#### [Assignment]
Pictures are to be omitted, and every entry below is to be restated exactly.

#### [Supplied entries]

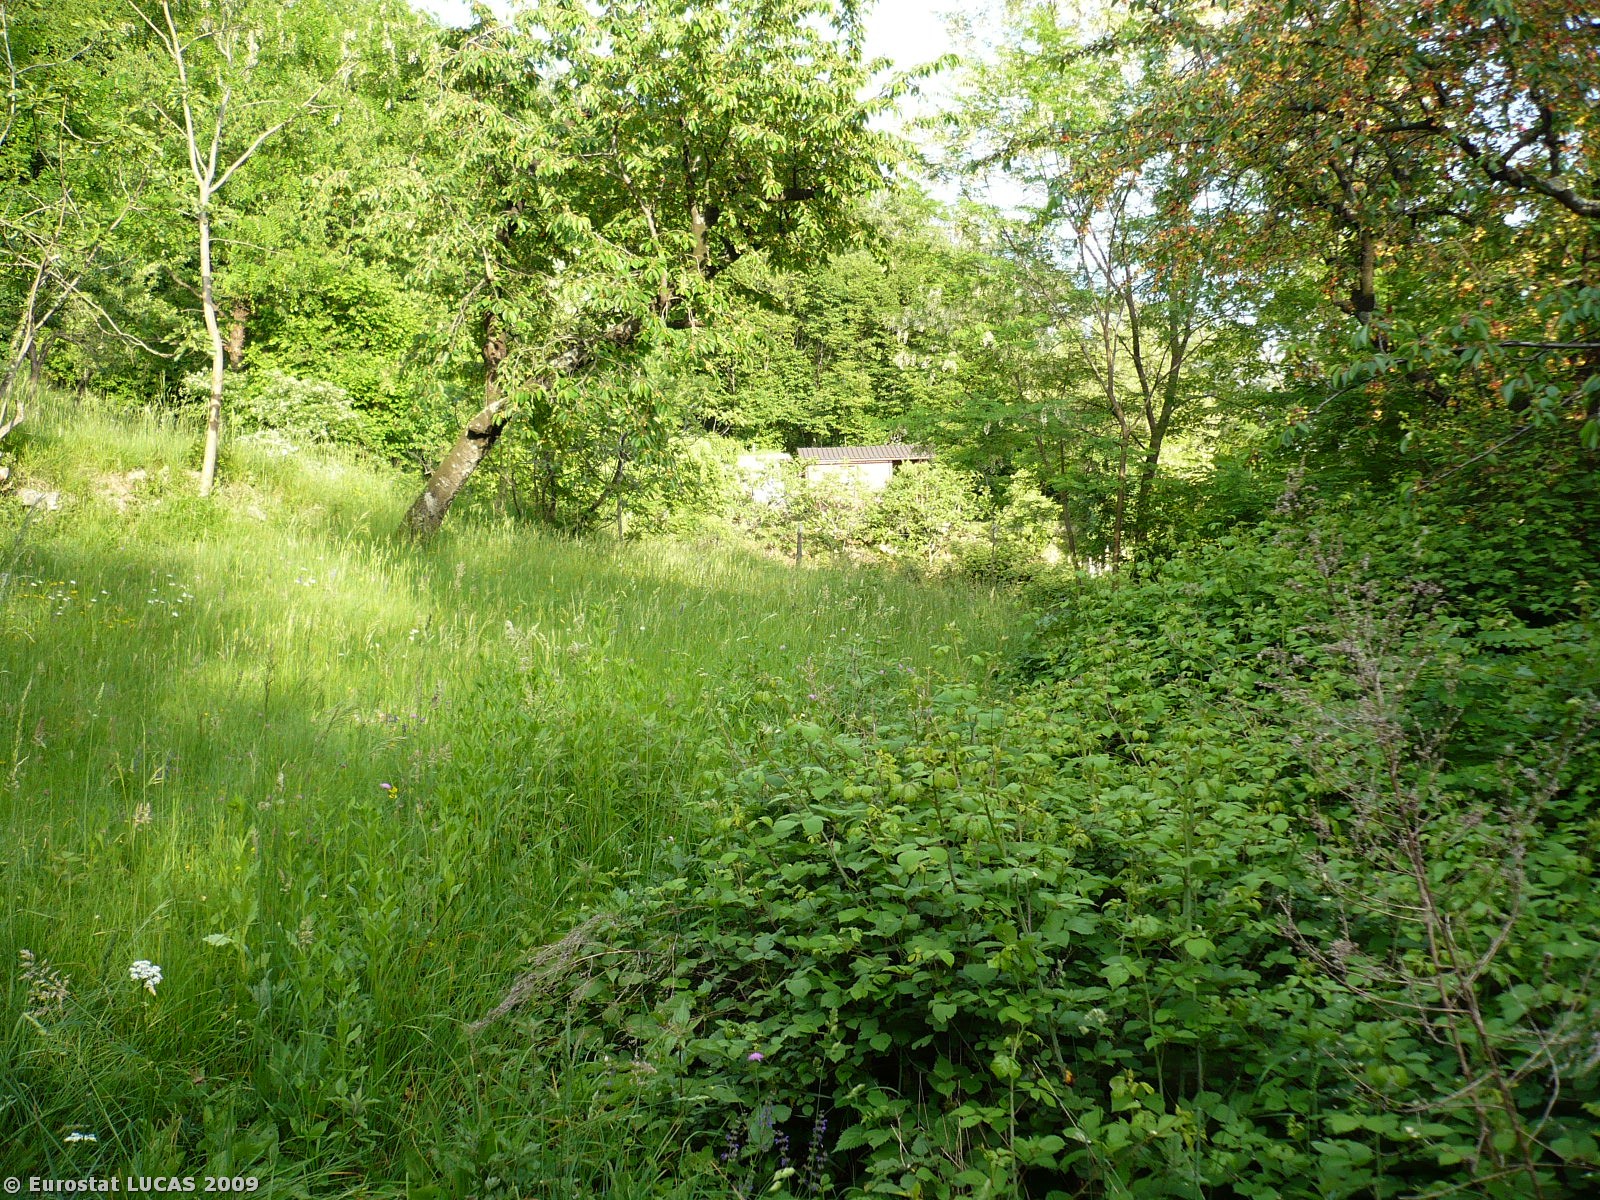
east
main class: Shrubland
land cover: Shrubland with sparse tree cover
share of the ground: 25 - 50 %
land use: Unused
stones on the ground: < 10 %
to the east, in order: Shrubland with sparse tree cover; Grassland with sparse tree/shrub cover; Dry stone walls; Abandoned hedges; Grassland with sparse tree/shrub cover; Abandoned hedges; Grassland with sparse tree/shrub cover; Broadleaved woodland; Shrubland without tree cover; Fences; Grassland without tree/shrub cover; Shrubland with sparse tree cover; Fences; Electric lines; Paved roads, cycling and walking lanes; Grassland without tree/shrub cover; Broadleaved woodland; Artificial constructions in urban areas; Grassland with sparse tree/shrub cover; Vineyards
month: May
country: SI
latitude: 45.9636
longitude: 13.6738
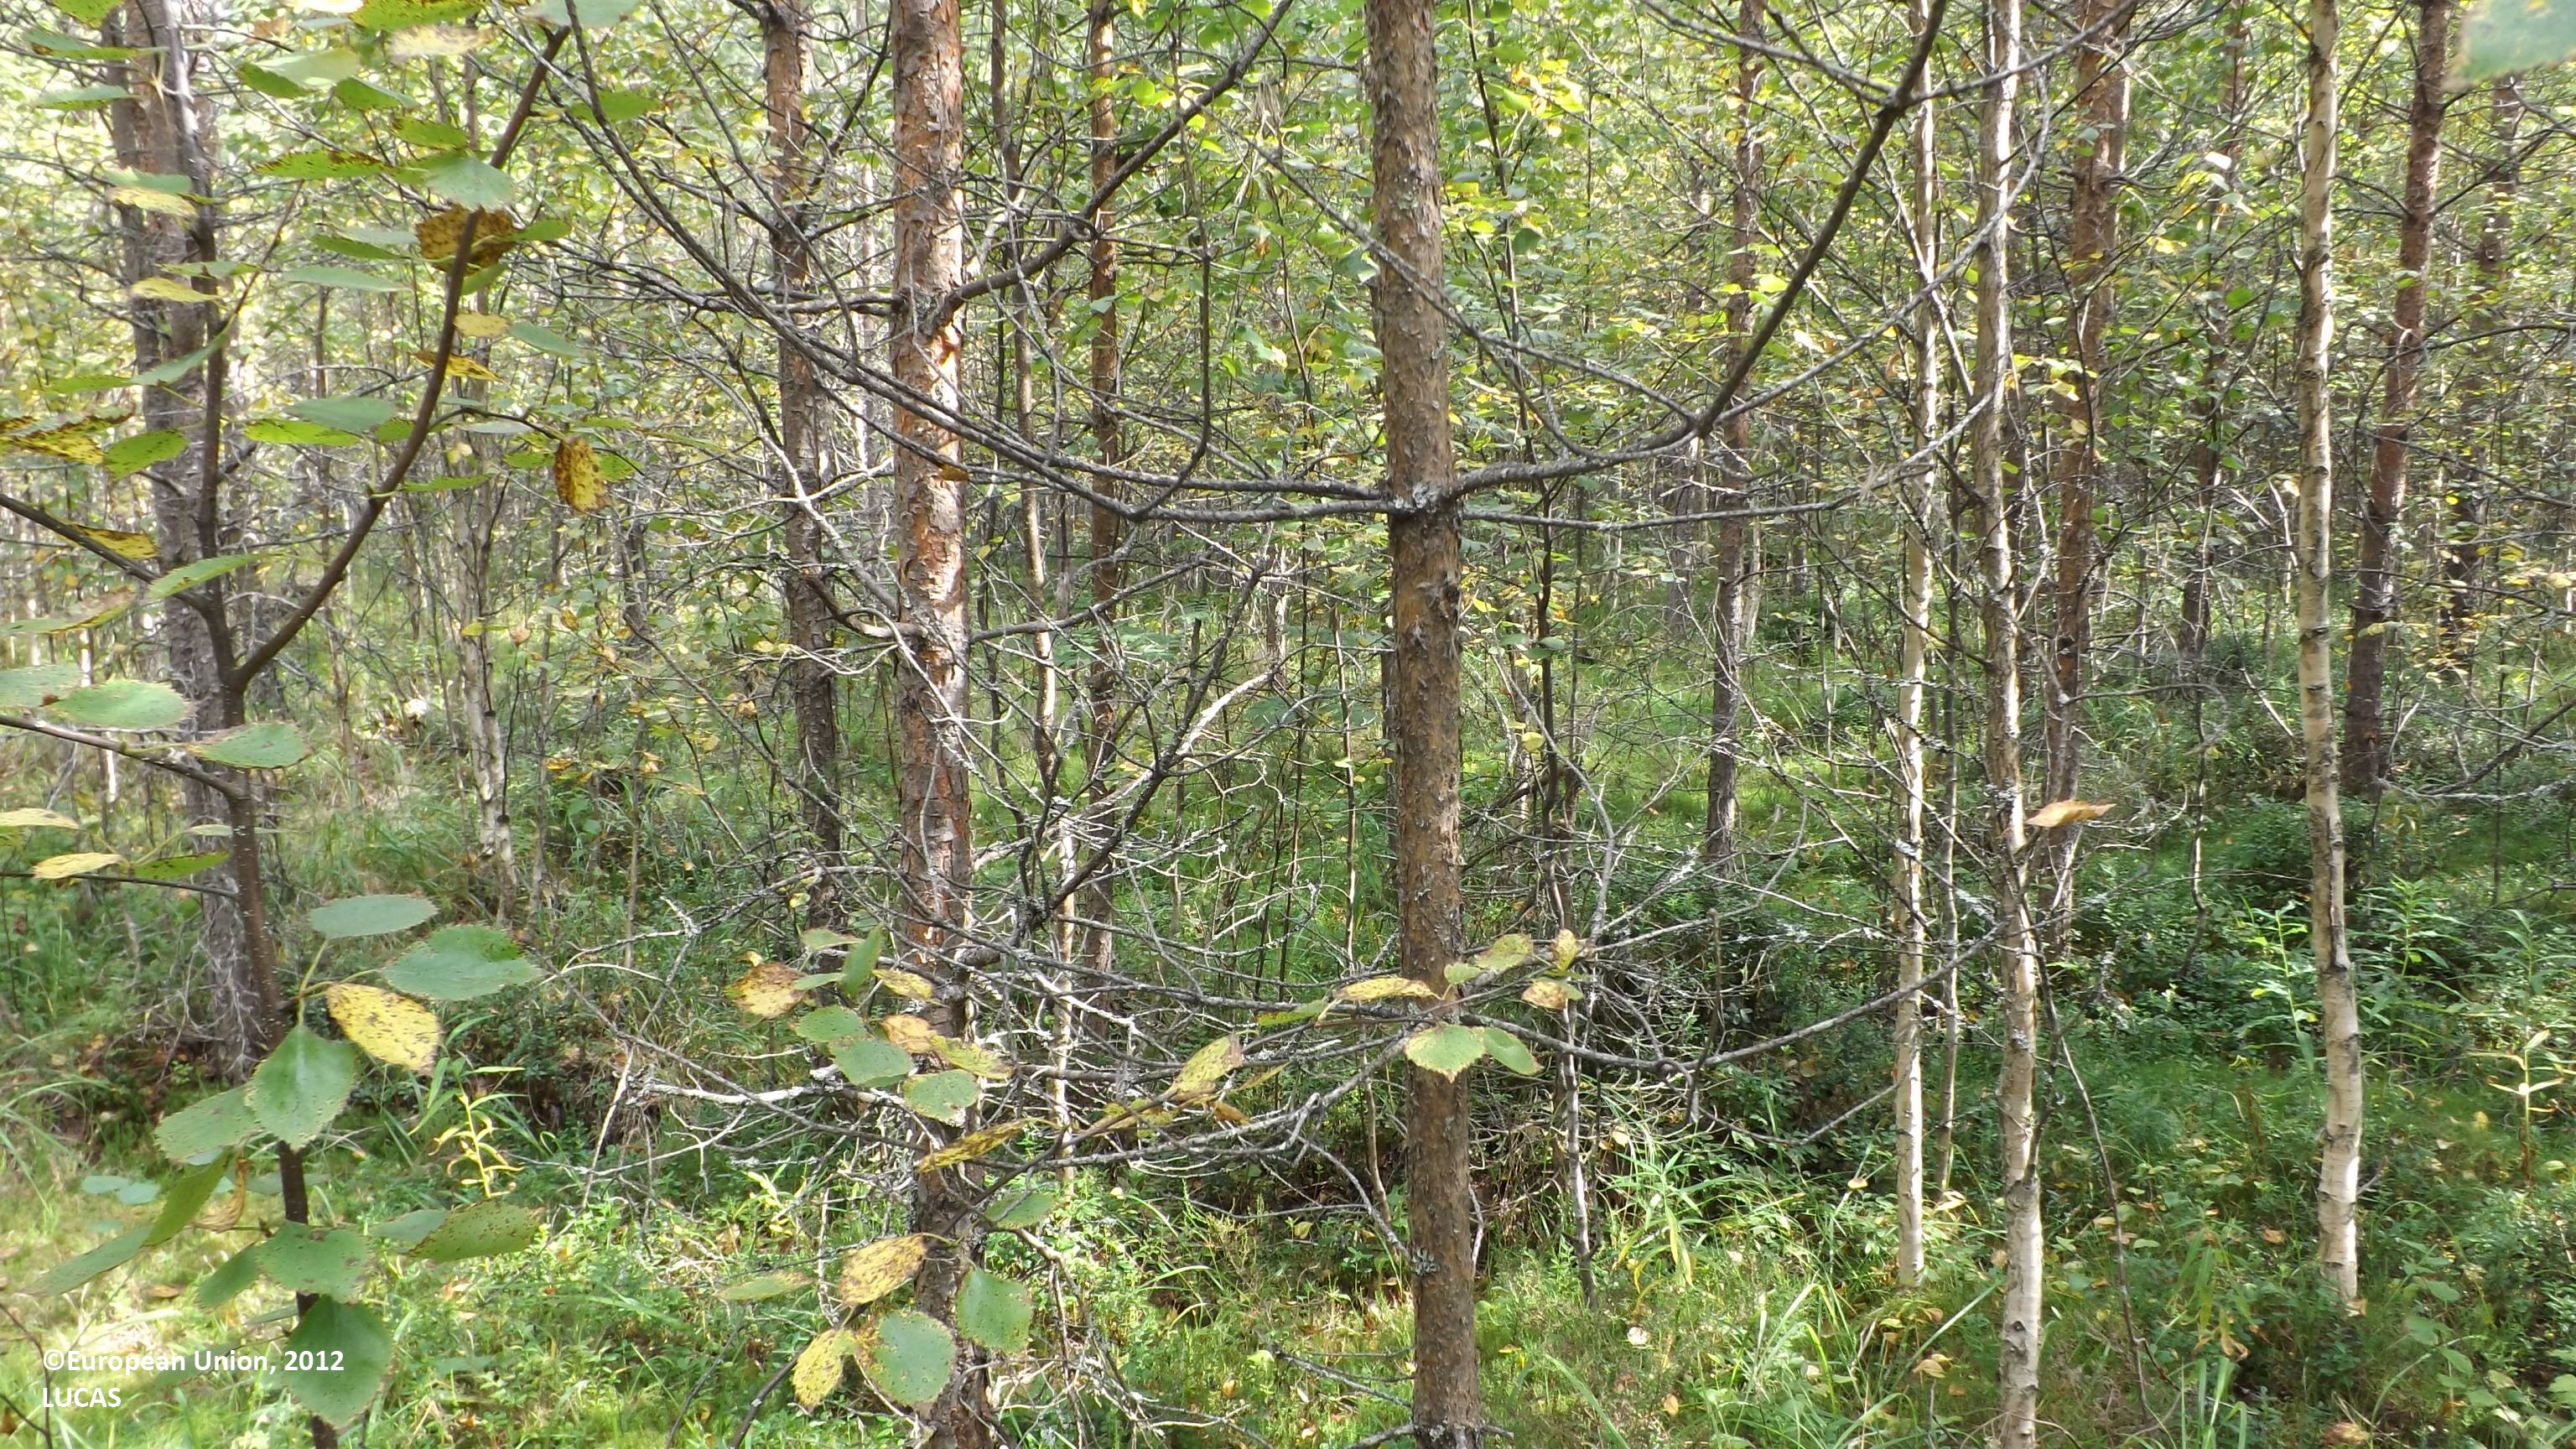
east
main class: Woodland
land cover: Pine dominated mixed woodland
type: boreal forest
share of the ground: > 75 %
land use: Forestry
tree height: > 5 m
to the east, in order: Pine dominated mixed woodland; Other mixed woodland; Ditches and canals; Broadleaved woodland; Pine dominated mixed woodland; Other mixed woodland; Spontaneously vegetated surfaces; Pine dominated mixed woodland; Ditches and canals; Other mixed woodland
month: August
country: FI
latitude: 63.0995
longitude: 24.3247
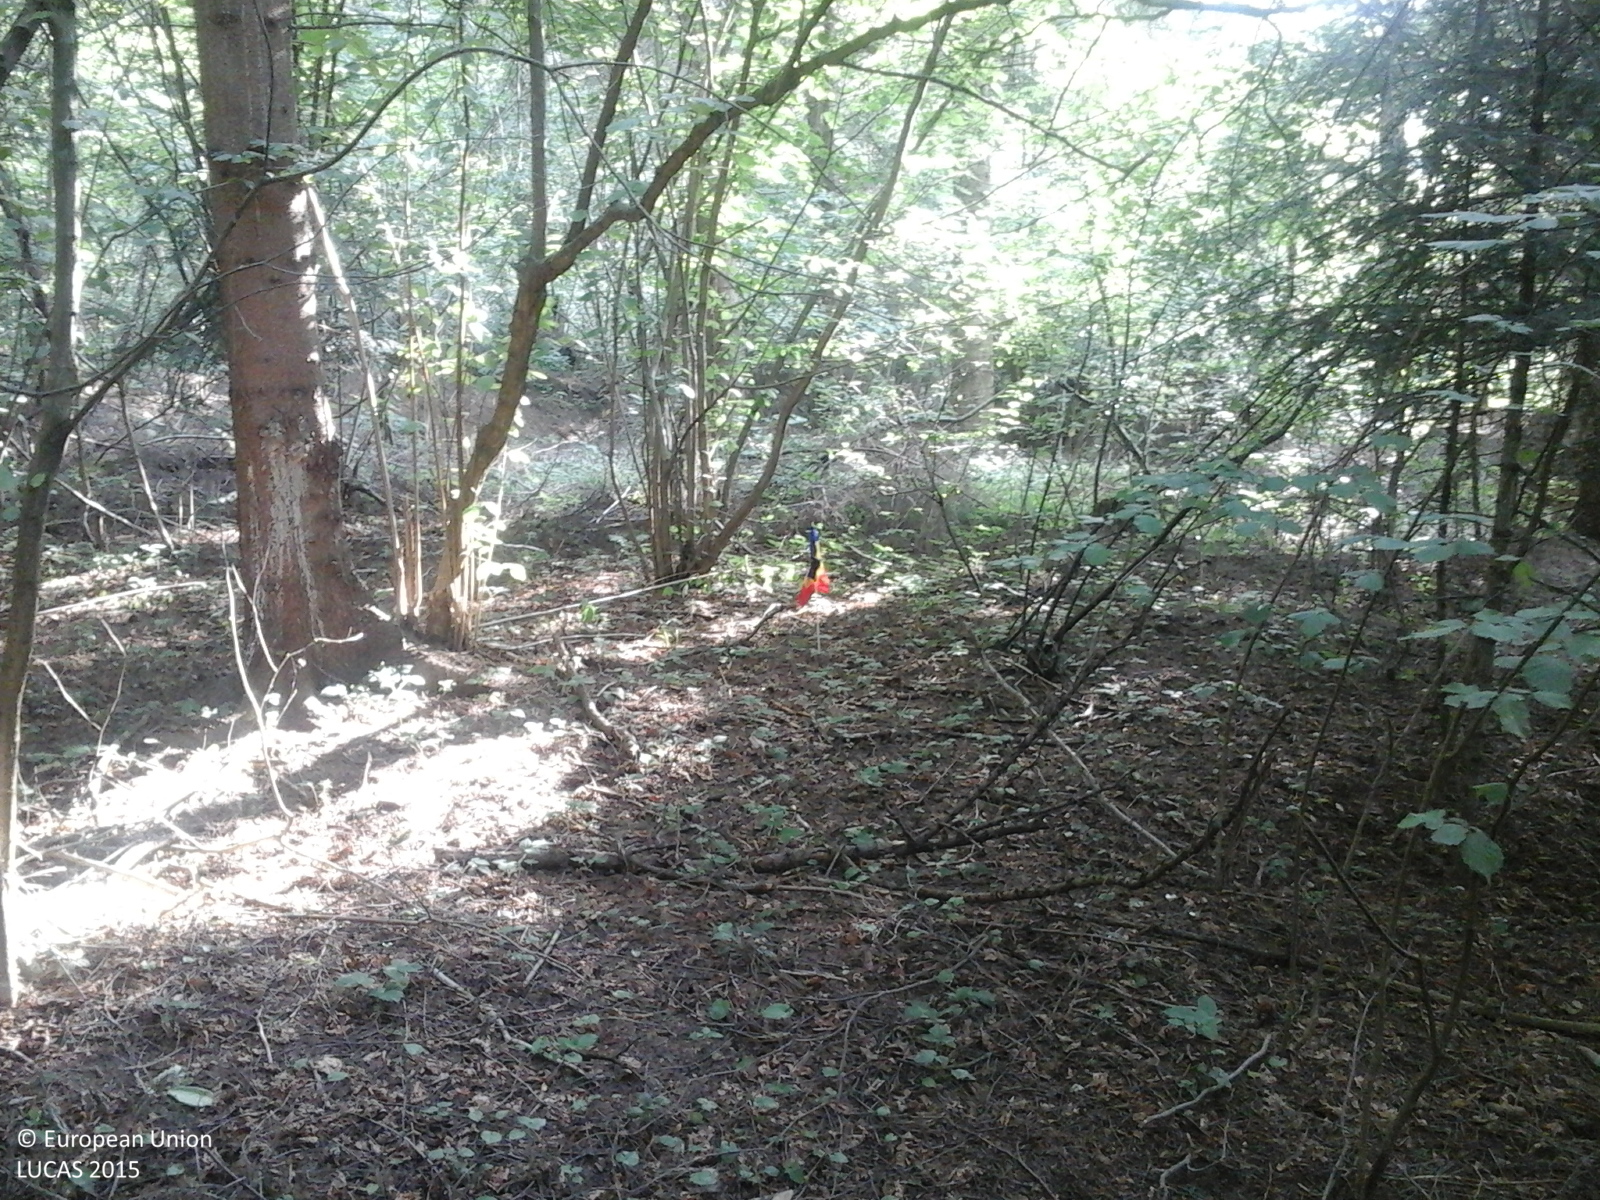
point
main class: Woodland
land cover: Spruce dominated mixed woodland
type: alpine coniferous forest
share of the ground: > 75 %
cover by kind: coniferous forest trees 75 %, broadleaved forest trees 25 %
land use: Forestry
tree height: > 5 m
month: June
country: RO
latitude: 47.6929
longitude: 25.8347

#### [Your solution]
east
main class: Shrubland
land cover: Shrubland with sparse tree cover
share of the ground: 25 - 50 %
land use: Unused
stones on the ground: < 10 %
to the east, in order: Shrubland with sparse tree cover; Grassland with sparse tree/shrub cover; Dry stone walls; Abandoned hedges; Grassland with sparse tree/shrub cover; Abandoned hedges; Grassland with sparse tree/shrub cover; Broadleaved woodland; Shrubland without tree cover; Fences; Grassland without tree/shrub cover; Shrubland with sparse tree cover; Fences; Electric lines; Paved roads, cycling and walking lanes; Grassland without tree/shrub cover; Broadleaved woodland; Artificial constructions in urban areas; Grassland with sparse tree/shrub cover; Vineyards
month: May
country: SI
latitude: 45.9636
longitude: 13.6738
east
main class: Woodland
land cover: Pine dominated mixed woodland
type: boreal forest
share of the ground: > 75 %
land use: Forestry
tree height: > 5 m
to the east, in order: Pine dominated mixed woodland; Other mixed woodland; Ditches and canals; Broadleaved woodland; Pine dominated mixed woodland; Other mixed woodland; Spontaneously vegetated surfaces; Pine dominated mixed woodland; Ditches and canals; Other mixed woodland
month: August
country: FI
latitude: 63.0995
longitude: 24.3247
point
main class: Woodland
land cover: Spruce dominated mixed woodland
type: alpine coniferous forest
share of the ground: > 75 %
cover by kind: coniferous forest trees 75 %, broadleaved forest trees 25 %
land use: Forestry
tree height: > 5 m
month: June
country: RO
latitude: 47.6929
longitude: 25.8347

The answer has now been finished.